Constant reading of Holy Scripture and continual prayer are also the means to obtain that the Precious Blood of Jesus will be poured out upon us, that Blood of which today’s epistle reminds us: If the blood of goats and of oxen, and the ashes of a heifer, being sprinkled, sanctify such as are defiled to the cleansing of the flesh: how much more shall the blood of Christ, who by the Holy Ghost offered Himself unspotted unto God, cleanse our conscience from dead works, to serve the living God?

So it is to the precious Blood of our Saviour that holy Mother Church turns our gaze as we are about to commence our ascent of Mount Calvary.  That Blood alone can save us. It alone can purify us. It is the Blood of the New and Eternal Covenant, which brings to an end all the ritual sacrifices of the Old Law, and which is renewed on our altars at each Holy Mass. It is the blood without which there is no forgiveness of sins, as St Paul expresses elsewhere in the epistle to the Hebrews. It is the blood that gives victory over demons, which gives courage to martyrs, purity to virgins, strength to confessors. It helps those in peril, gives relief to the burdened, consoles those in sorrow, gives strength to the dying and is the pledge of eternal life.

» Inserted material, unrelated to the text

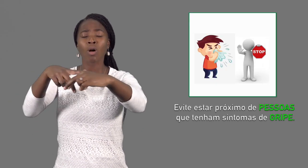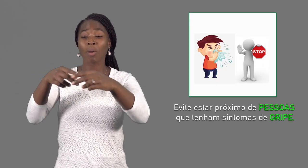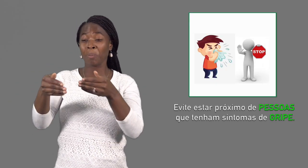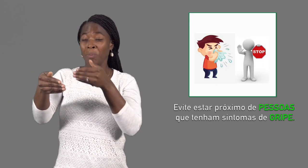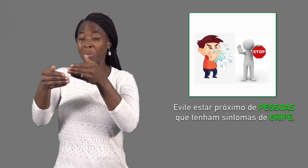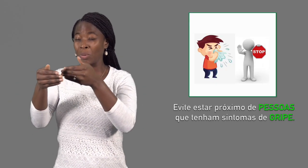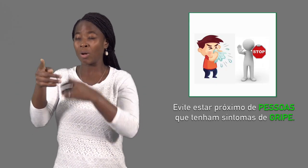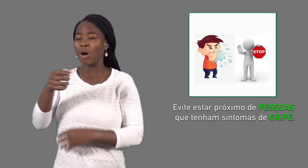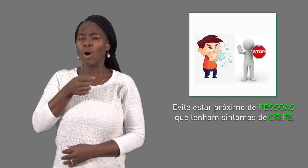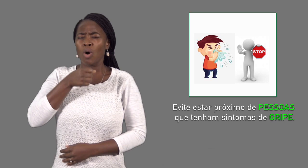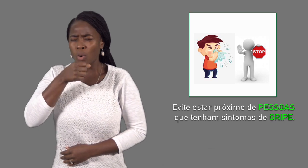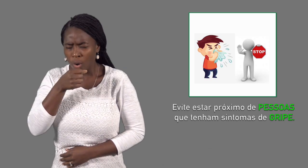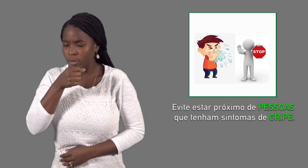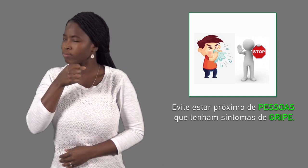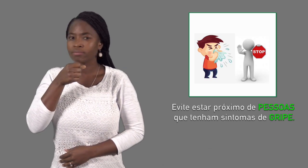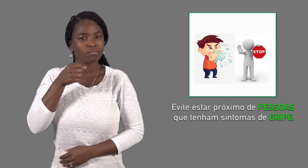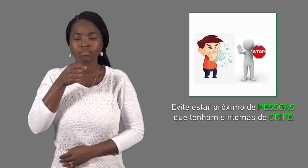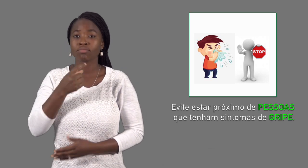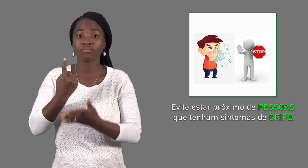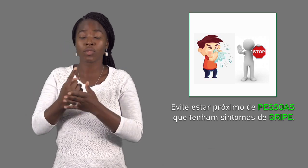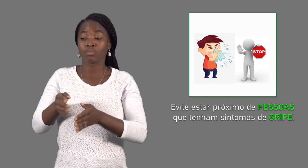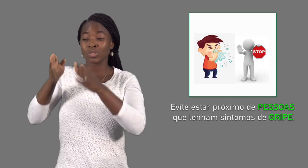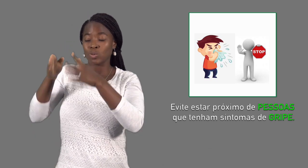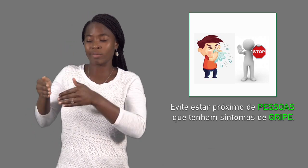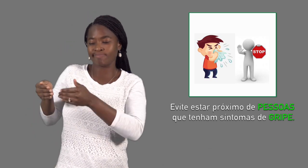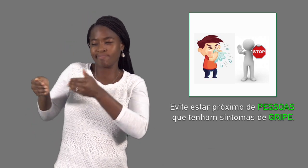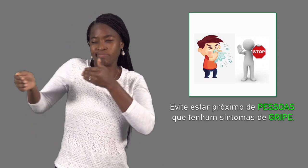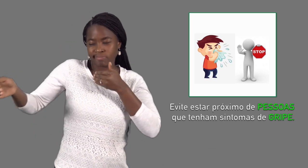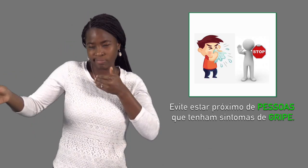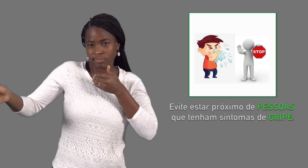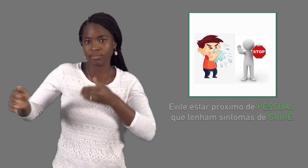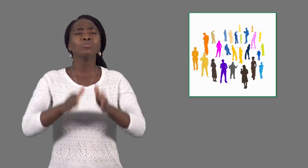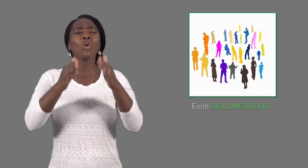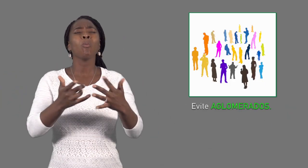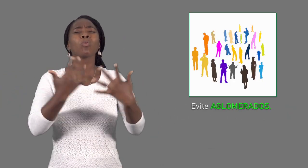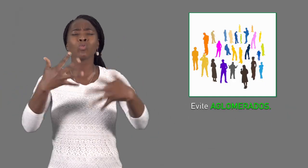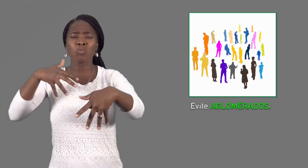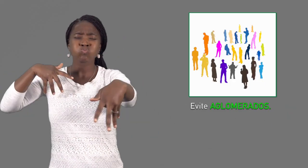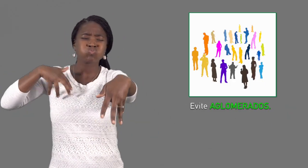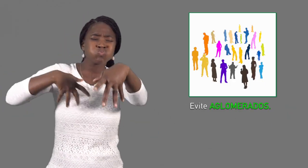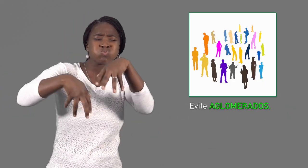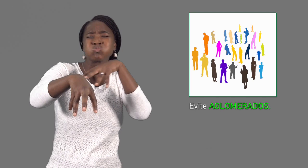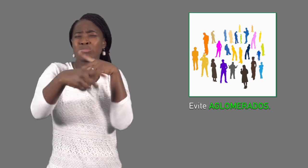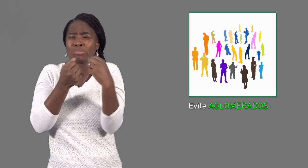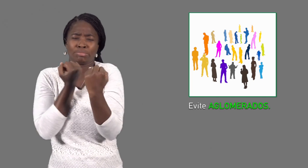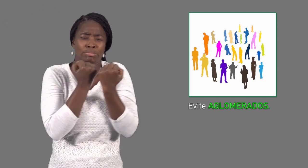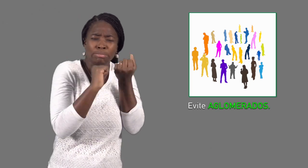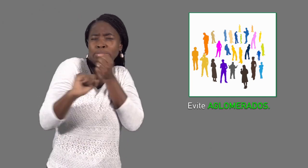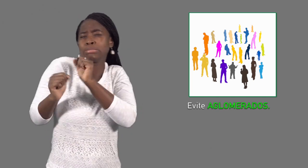a tossir, é importante que distancie-se da pessoa. Evite estar no local de muitas pessoas.
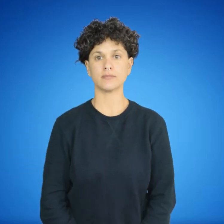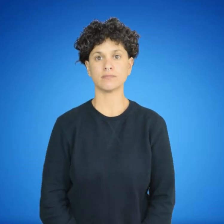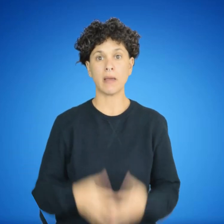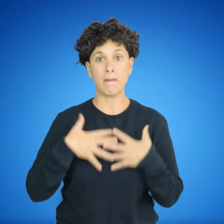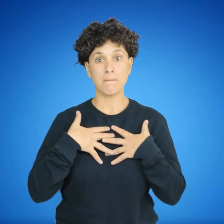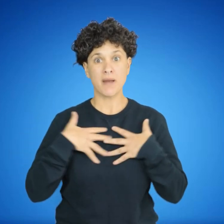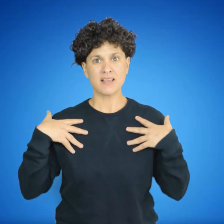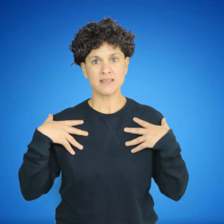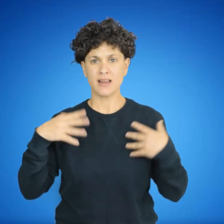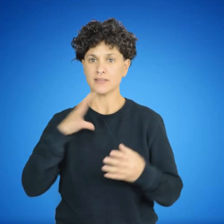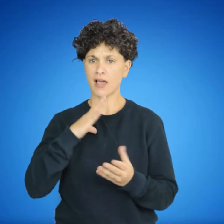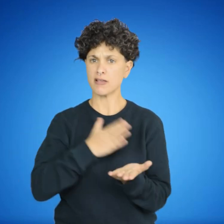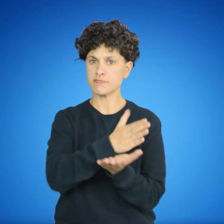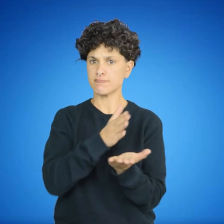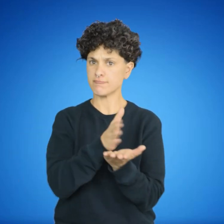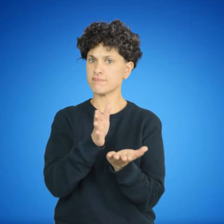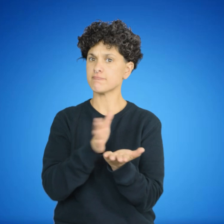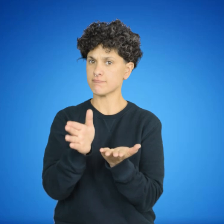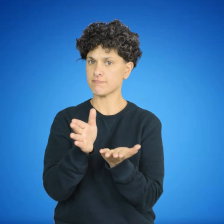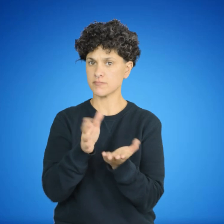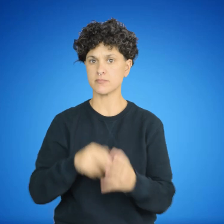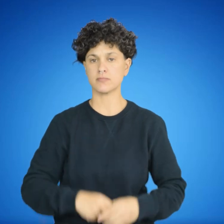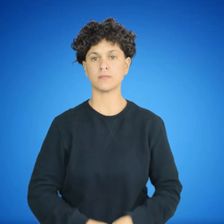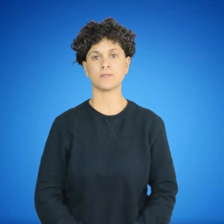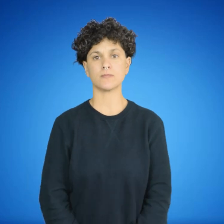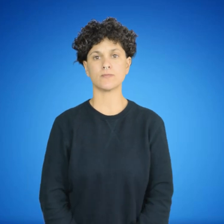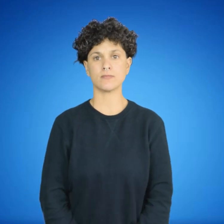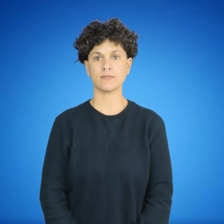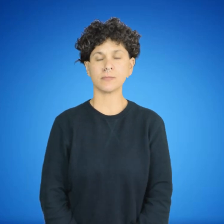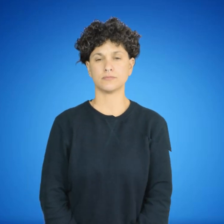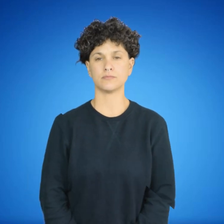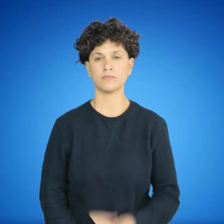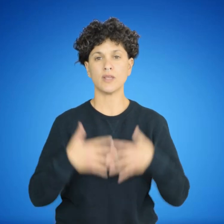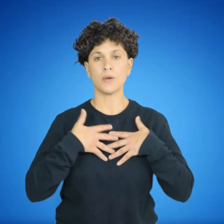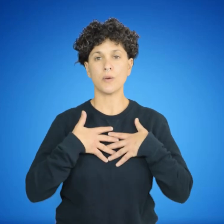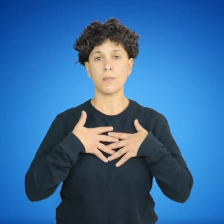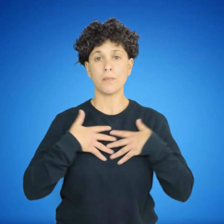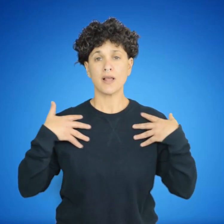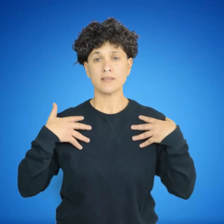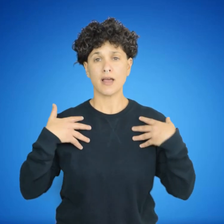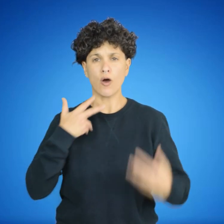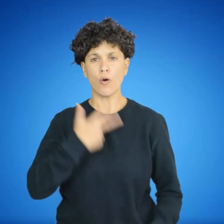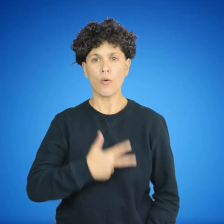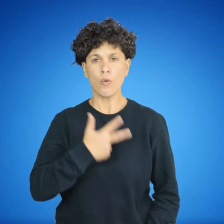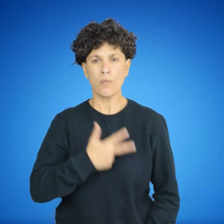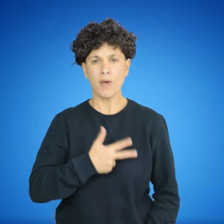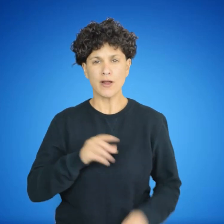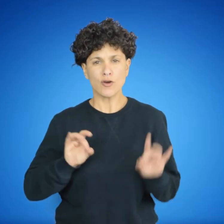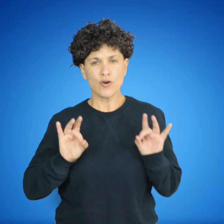Los naturales y necesarios, las necesidades físicas básicas, alimentarse, calmar la sed, el

Reading God’s word, praying continually for the Blood of Jesus to purify us, this leads us to the most perfect form of prayer which is the liturgy of the Church and the celebration of the sacraments. With Holy Week at our doorstep, recourse to the sacraments, especially the sacrament of penance or confession and that of the Holy Eucharist are the greatest means of salvation and perfection. Through penance, the Blood of Jesus purifies our soul of sin. Through Holy Communion that Blood is received to be the sweet delight and strength of our souls, that Blood which so moved St Therese in a well-known passage that it is good to meditate upon: “One Sunday, looking at a picture of our Lord on the Cross, I was struck by the blood flowing from one of the divine hands. I felt a great pang of sorrow when thinking this blood was falling to the ground without anyone’s hastening to gather it up. I was resolved to remain in spirit at the foot of the Cross and to receive the divine dew. I understood I was then to pour it out upon souls. The cry of Jesus on the Cross sounded continually in my heart: ‘I thirst!’ These words ignited within me an unknown and very living fire. I wanted to give my Beloved to drink and I felt myself consumed with a thirst for souls.”

In company then, with the saints and the whole Church, let us intensify our love for God’s word in Holy Scripture and our resolve to pray constantly so that the Blood of Jesus may purify us more and more and make us worthy of the eternal kingdom. Amen.